The Dec. 3 alien invasion trend explained

“Alien invasion” trended on Dec. 3, 2024, because a computer program predicted a UFO event would take place on that day. Let’s roll things back to the late 1990s, where this story begins.

High is a self-professed “futurist” who created a program in the late 90s that he claims makes predictions by scanning the internet’s articles, blogs, forums, and more. Though it was designed to predict things like stock market trends through studying linguistics, it evolved over time to analyze on a broader scale.

In 2009 the program predicted a sky battle between UFOs and military fighter jets, after which humans would share an existence with extraterrestrials. Additionally, the battle was due to take place 39 days after a “trigger event.”
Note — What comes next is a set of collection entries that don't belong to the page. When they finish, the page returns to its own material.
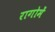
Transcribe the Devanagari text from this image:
रागोमें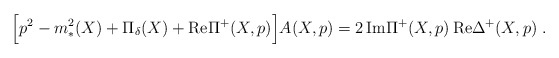
\begin{align*}\Bigr[ p^2 - m_*^2(X) + \Pi_{\delta}(X) + {\rm Re} \Pi^+(X,p) \Bigl] A(X,p) = 2 \, {\rm Im}\Pi^+(X,p) \, {\rm Re} \Delta^+(X,p) \;.\end{align*}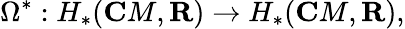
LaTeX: \Omega^{\ast}:H_{\ast}({\mathbf C}M,{\mathbf R})\rightarrow H_{\ast}({\mathbf C}M,{\mathbf R}),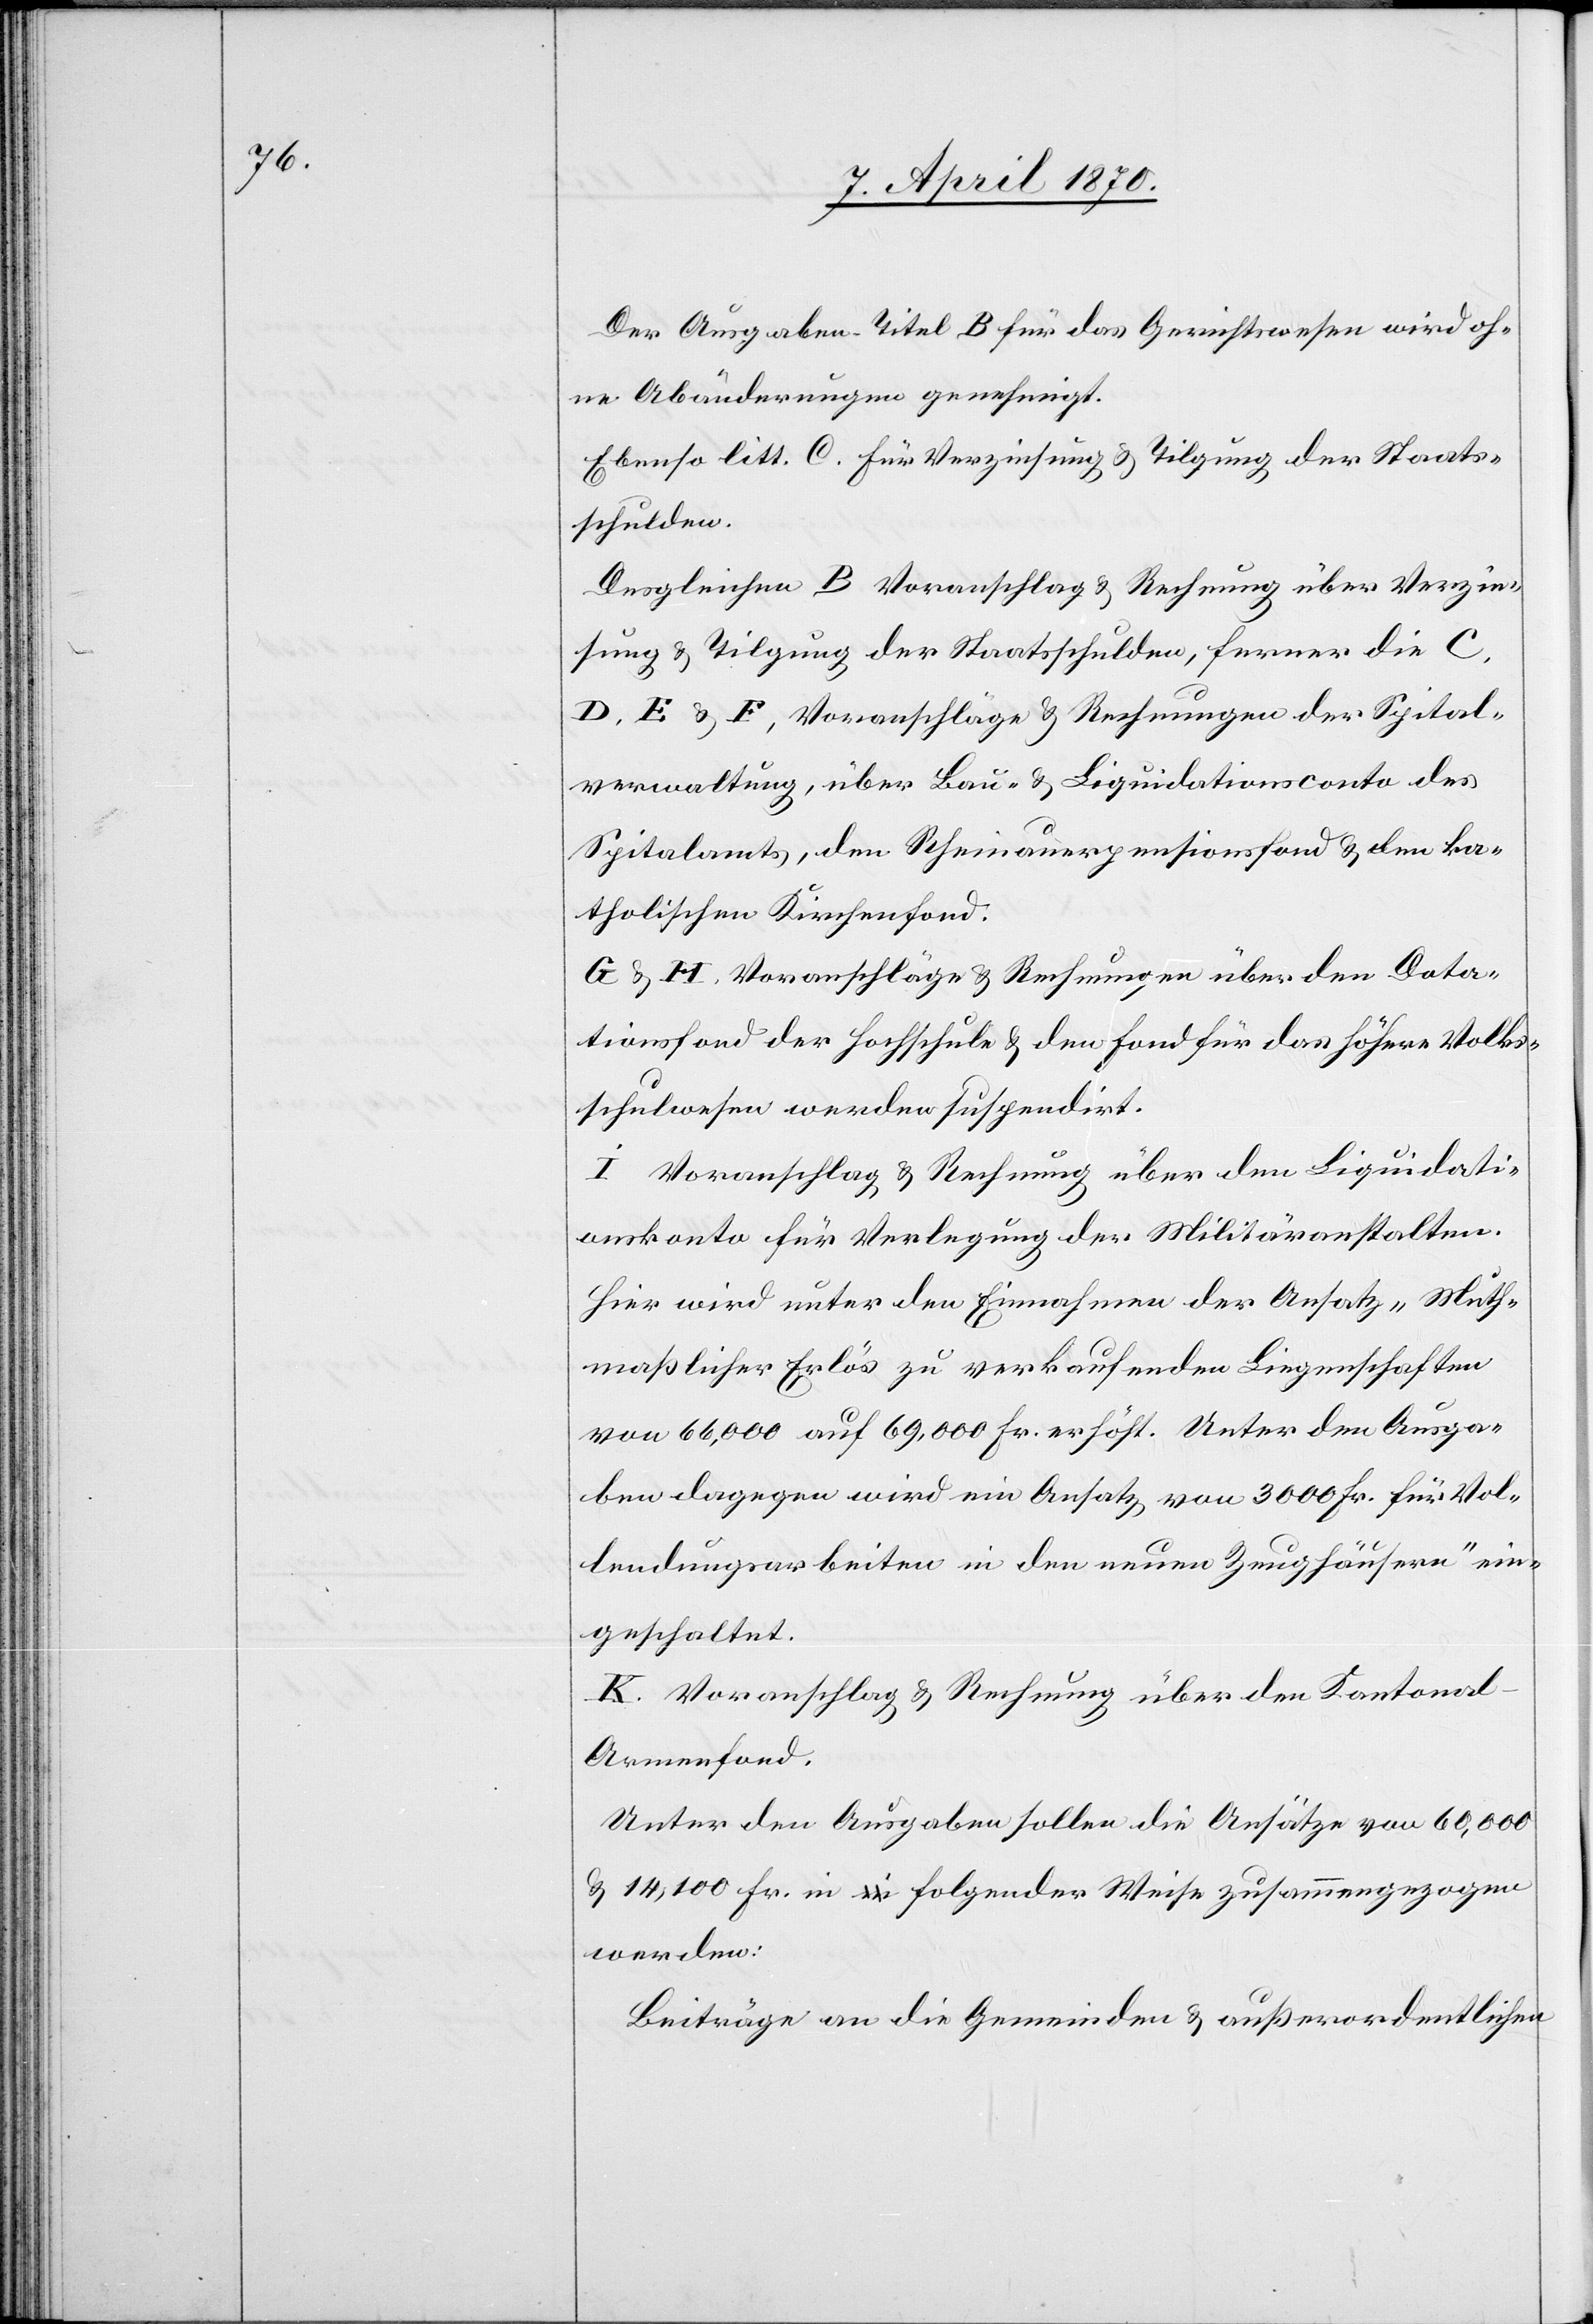
Der Ausgaben-Titel B für das Gerichtswesen wird oh¬
ne Abänderungen genehmigt.
Ebenso litt. C. für Verzinsung & Tilgung der Staats¬
schulden.
Desgleichen B Voranschlag & Rechnung über Verzin¬
sung & Tilgung der Staatsschulden, ferner die C,
D, E & F, Voranschläge & Rechnungen der Spital¬
verwaltung, über Bau- & Liquidationsconto des
Spitalamts, den Rheinauerpensionsfond & den ka¬
tholischen Kirchenfond.
G & H. Voranschläge Rechnungen über den Dota¬
tionsfond der Hochschule & den Fond für das höhere Volks¬
schulwesen werden suspendirt.
I. Voranschlag & Rechnung über dem Liquidati¬
onskonto für Verlegung der Militäranstalten.
Hier wird unter den Einnahmen der Ansatz „Muth¬
maßlicher Erlös zu verkaufender Liegenschaften[“]
von 66,000 auf 69,000 Fr. erhöht. Unter den Ausga¬
ben dagegen wird ein Ansatz von 3000 Fr. [„]für Vol¬
lendungsarbeiten in den neuen Zeughäusern“ ein¬
geschaltet.
K. Voranschlag & Rechnung über den Kantona¬
l-Armenfond.
Unter den Ausgaben sollen die Ansätze von 60,000
& 14,100 Fr. in folgender Weise zusammengezogen
werden:
Beiträge an die Gemeinden & außerordentlichen

That event, as it turns out, was predicted to be Joe Rogan interviewing Donald Trump, which indeed happened 39 days before “alien invasion” trended. So people watched the so-called trigger event unfold and waited to see if Independence Day or Arrival would happen on Dec. 3.
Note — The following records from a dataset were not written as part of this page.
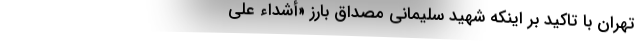
تهران با تاکید بر اینکه شهید سلیمانی مصداق بارز «أَشِدَّاء عَلَی
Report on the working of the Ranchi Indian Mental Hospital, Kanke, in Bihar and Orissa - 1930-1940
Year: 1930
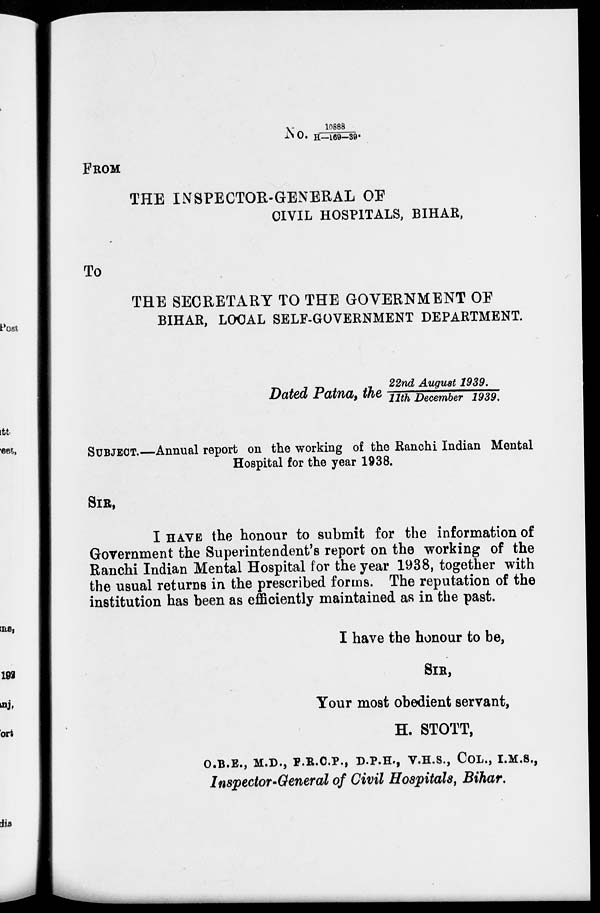
No. 10888/H—169—39
FROM
THE INSPECTOR-GENERAL OF
CIVIL HOSPITALS, BIHAR,
To
THE SECRETARY TO THE GOVERNMENT OF
BIHAR, LOCAL SELF-GOVERNMENT DEPARTMENT.
Dated Patna, the 22nd Augus t 1 9 3 9 / 1 1 t h December 1939.
SUBJECT.—Annual report on the working of the Ranchi Indian Mental
Hospital for the year 1938.
SIR,
I HAVE the honour to submit for the information of
Government the Superintendent's report on the working of the
Ranchi Indian Mental Hospital for the year 1938, together with
the usual returns in the prescribed, forms. The reputation of the
institution has been as efficiently maintained as in the past.
I have the honour to be,
SIR,
Your most obedient servant,
H. STOTT,
O.B.E., M.D., F.R.C.P., D.P.H., V.H.S., COL., I.M.S.,
Inspector-General of Civil Hospitals, Bihar.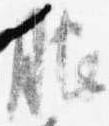
服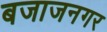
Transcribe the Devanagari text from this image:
बजाजनगर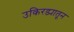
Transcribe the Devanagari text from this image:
उकिरड्यातून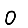
Digit: 0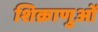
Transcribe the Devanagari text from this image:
शिक्राणुओं

Admittedly, the program predicting Rogan would interview Trump before the latter had entered politics or Rogan became a force in podcasting is intriguing. Rogan was still known for Fear Factor, and Trump for The Apprentice. The program guessing their paths would cross with that amount of specificity in 2009 is impressive.

No aliens were spotted on Dec. 3, but NASA is searching for them

UFO sightings, doctored photos, and other claims of extraterrestrials on Earth are frequently debunked. But it’s not all bad news for the Fox Mulders of the world; NASA is actively looking out for signs of other civilizations.
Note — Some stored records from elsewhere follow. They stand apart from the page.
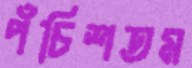
পঁচিশতম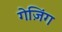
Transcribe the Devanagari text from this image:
गेज़िंग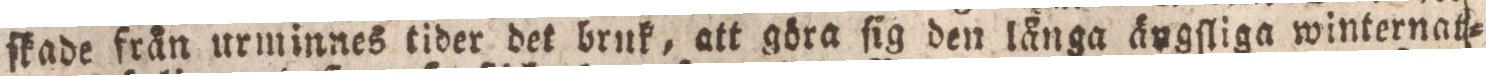
ſkade från urminnes tider det brnk, att göra ſig den långa ängſliga winternat=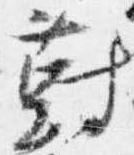
対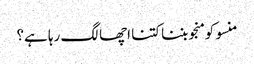
منسو کو منجو بننا کتنا اچھا لگ رہا ہے؟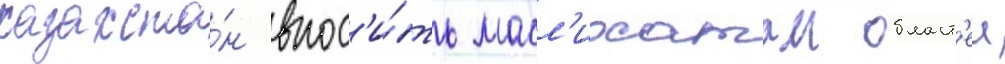
казахста́н внос'и́ть масл'ихатам област'еи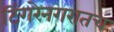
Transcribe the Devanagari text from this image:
टिंगरेनगरातच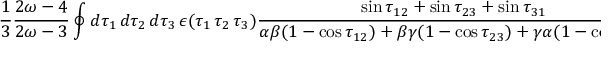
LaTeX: \frac { 1 } { 3 } \frac { 2 \omega - 4 } { 2 \omega - 3 } \oint d \tau _ { 1 } \, d \tau _ { 2 } \, d \tau _ { 3 } \, \epsilon ( \tau _ { 1 } \, \tau _ { 2 } \, \tau _ { 3 } ) \frac { \sin \tau _ { 1 2 } + \sin \tau _ { 2 3 } + \sin \tau _ { 3 1 } } { \alpha \beta ( 1 - \cos \tau _ { 1 2 } ) + \beta \gamma ( 1 - \cos \tau _ { 2 3 } ) + \gamma \alpha ( 1 - \cos \tau _ { 1 3 } ) } .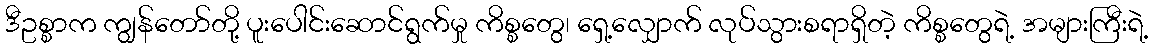
ဒီဥစ္စာက ကျွန်တော်တို့ ပူးပေါင်းဆောင်ရွက်မှု ကိစ္စတွေ၊ ရှေ့လျှောက် လုပ်သွားစရာရှိတဲ့ ကိစ္စတွေရဲ့ အများကြီးရဲ့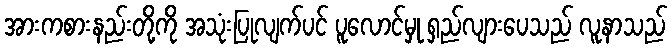
အားကစားနည်းတို့ကို အသုံးပြုလျက်ပင် ပူလောင်မှု ရှည်လျားပေသည် လူနာသည်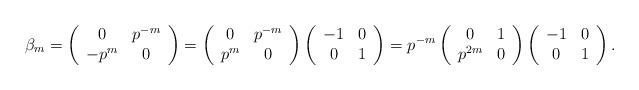
LaTeX: \begin{align*} \beta_m = \left(\begin{array}{cc}0 & p^{-m} \\ -p^m & 0\end{array}\right) = \left(\begin{array}{cc}0 & p^{-m} \\ p^m & 0\end{array}\right)\left(\begin{array}{cc}-1 & 0 \\ 0 & 1\end{array}\right) = p^{-m}\left(\begin{array}{cc}0 & 1 \\ p^{2m} & 0\end{array}\right)\left(\begin{array}{cc}-1 & 0 \\ 0 & 1\end{array}\right).\end{align*}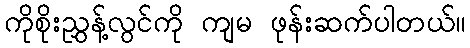
ကိုစိုးညွှန့်လွင်ကို ကျမ ဖုန်းဆက်ပါတယ်။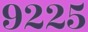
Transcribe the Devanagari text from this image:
९२२५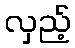
လှည့်

There’s even a project which uses “the largest fully steerable radio telescope on Earth to search for evidence of civilizations in the galaxy.” Citizen scientists interested in astrophysics identify radio frequency interference to weed out noise and look for signals that could indicate intelligence in the stars.

Many scientists believe it’s unlikely we are alone in the universe, but that we can’t be certain either way. It’s thought that space-time constraints would probably prevent interaction with other life due to distance, time, and technological limitations, though, so NASA isn’t prone to backing the internet’s abduction theories.

The Drake equation, published in a 2016 paper, “makes it possible to assign a new empirically valid probability to whether any other advanced technological civilizations have ever existed,” explained NASA. Adam Frank, professor of physics and astronomy at the University of Rochester and co-author of the paper added, “Of course, we have no idea how likely it is that an intelligent technological species will evolve on a given habitable planet.

But using our method we can tell exactly how low that probability would have to be for us to be the ONLY civilization the Universe has produced,” he said. “We call that the pessimism line. If the actual probability is greater than the pessimism line, then a technological species and civilization has likely happened before.”

Co-author Woodruff Sullivan of the astronomy department and astrobiology program at the University of Washington raised a point many find easier to swallow than the idea of aliens visiting Earth for funsies: perhaps other civilizations existed in the past or will exist in our relative distant future. “Rather than asking how many civilizations may exist now, we ask ‘Are we the only technological species that has ever arisen?” Sullivan said.